На обратном пути я направляюсь прямо через хребет, в основном ради того, чтобы подняться на вершину. Местность там становится такой крутой, что мне приходится падать и карабкаться на четвереньках сквозь серый лишайник, папоротник и перегной; моё дыхание становится всё чаще и отрывистее, лицо покрывается сосновой трухой и переливающейся пыльцой.
На вершине хребта я останавливаюсь, чтобы попить воды, чувствуя себя запыхавшейся и возбужденной. Разросшийся здесь болиголов выглядит как убитый великан, его ствол похож на мокрую черную губку. Там, где корневой клубок сильно вырвался из земли, я вижу три длинных царапины на земле и длинный след животного — возможно, горного льва. Когда я наклоняюсь, чтобы рассмотреть поближе, что-то мелькает на периферии моего зрения. Не животное, а какое-то сооружение. Убежище.
Хотя солнце начало садиться и холодок поселился у меня между лопатками, я все равно спускаюсь с холма, слишком любопытная, чтобы не посмотреть поближе. Мне приходится откинуться назад на пятки, чтобы сохранить равновесие при падении. Почва мягкая и полна валежника. Сухой папоротник жжет руки и хлещет по джинсам, но, наконец, я добираюсь до небольшого участка. Кто-то устроил охотничий схрон, похожий на тот, что нарисованы в путеводителе по дикой природе, прислонив двухметровый шест к ободранной дугласовой ели, а затем через определенные промежутки натянул на него проволочные петли. Вокруг основания ели на хвое и траве видны следы вытаптывания — усилия, затраченные на установку силков из раза в раз. Очень эффективное место убийства, даже элегантное. Тот, кто его построил, точно знает, что делает, и питается очень, очень хорошо.
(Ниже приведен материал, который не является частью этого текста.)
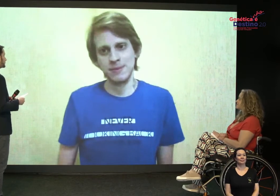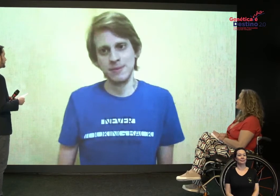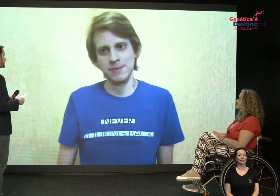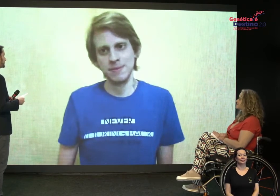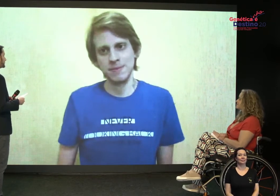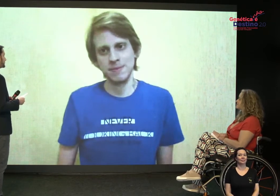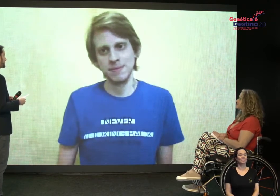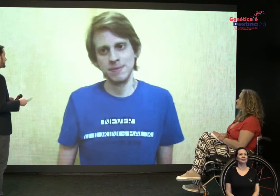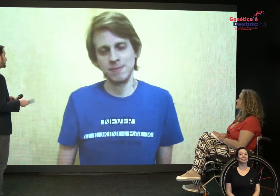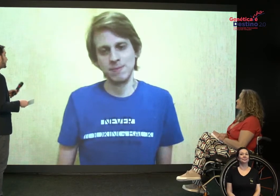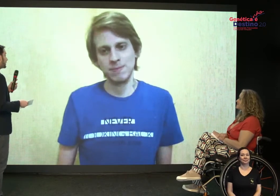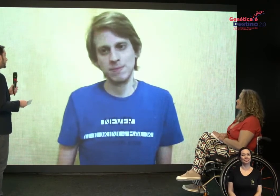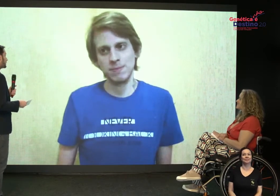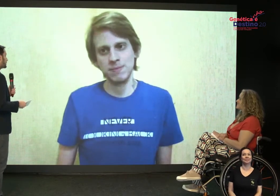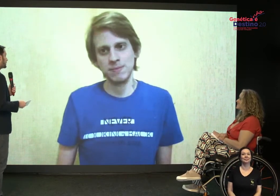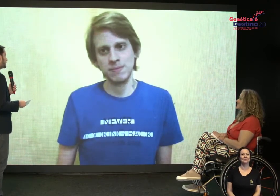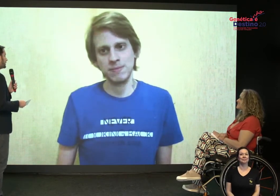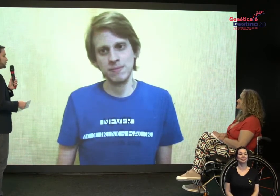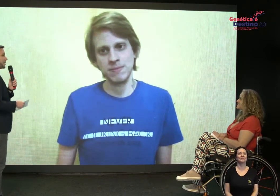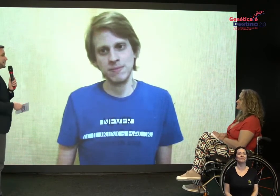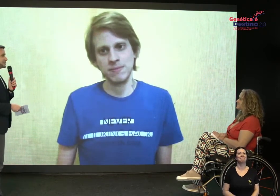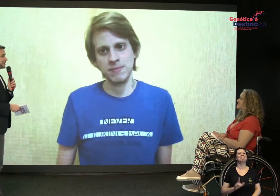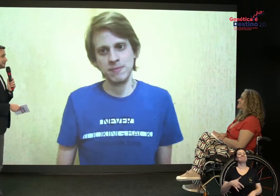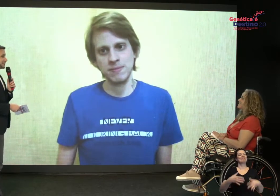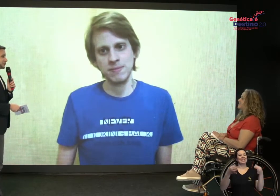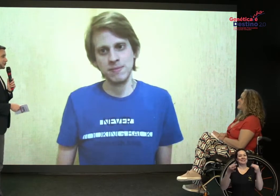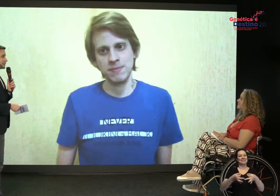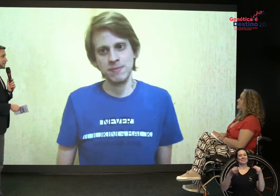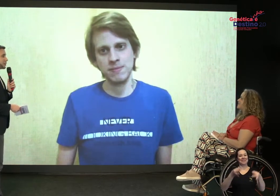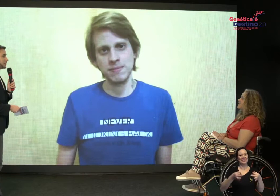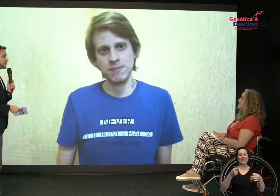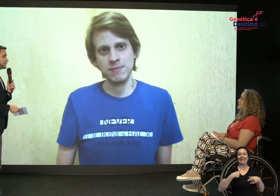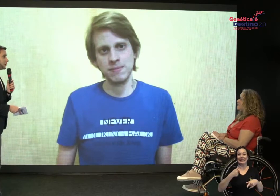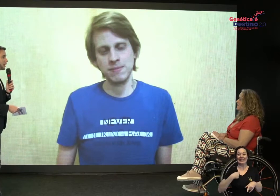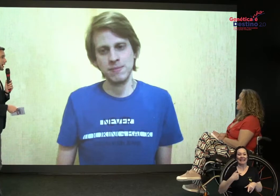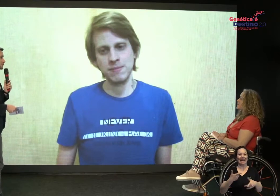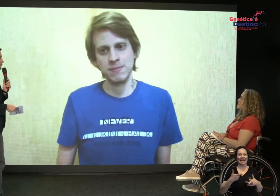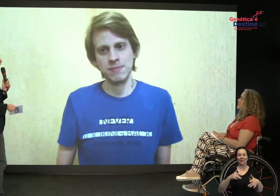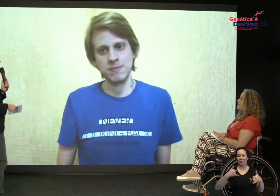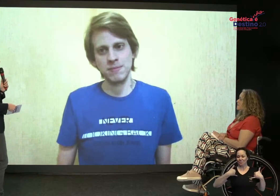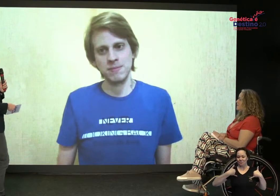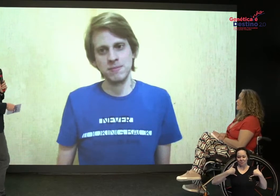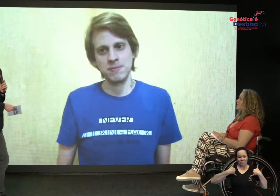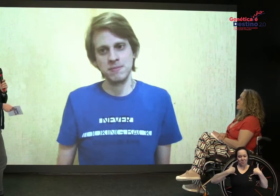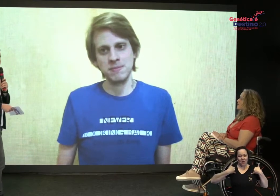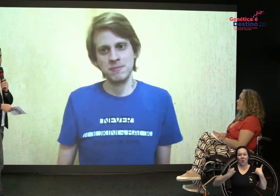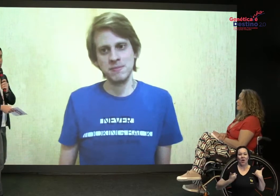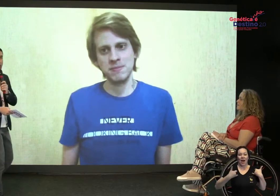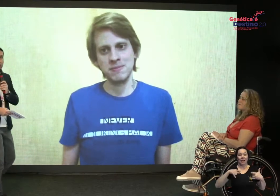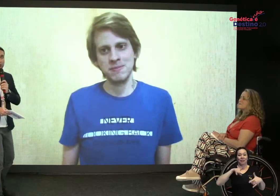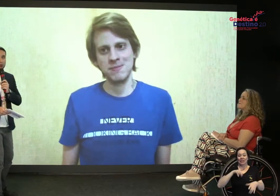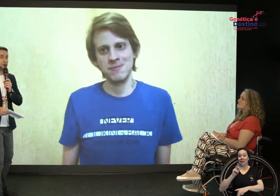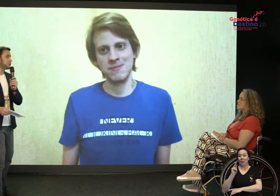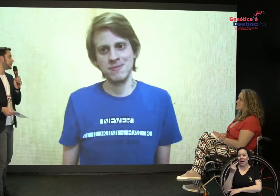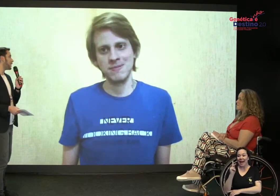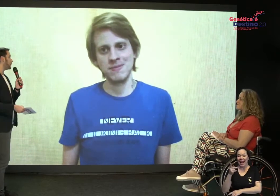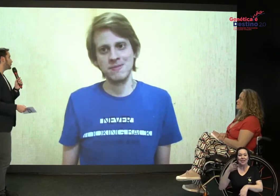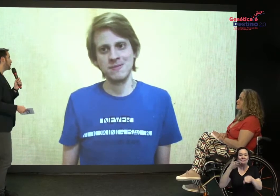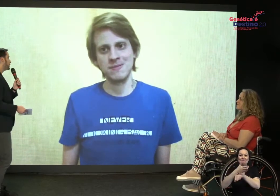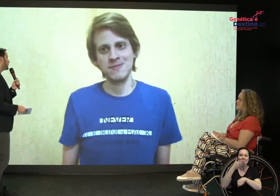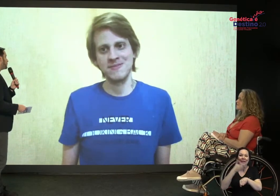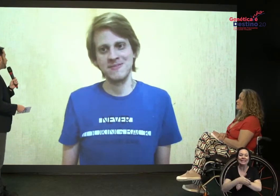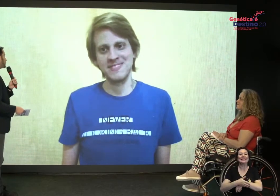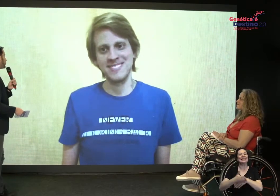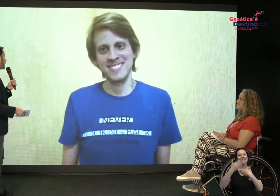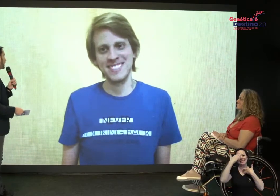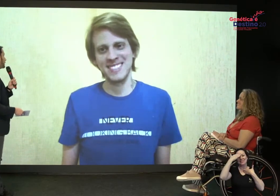acredito que é a troca. Que demais, hein? Eu estou extremamente aqui honrado de ter a presença do Harry. Muito obrigado

Убежище демонстрирует тот же уровень сложности и вызывает у меня едва уловимые тревожные звоночки. Это похоже не на хижину охотника, а на конусообразное сооружение, которое напоминает мне исторические фотографии, которые я видела у коренных народов вроде помо. Они расселились небольшими группами по всей Северной Калифорнии за сотни лет до появления европейцев, и их дома выглядели примерно так: закругленные у основания с шестами, поддерживающими угловые стены, связанные вместе тростником и покрытые корой красного дерева и древесиной.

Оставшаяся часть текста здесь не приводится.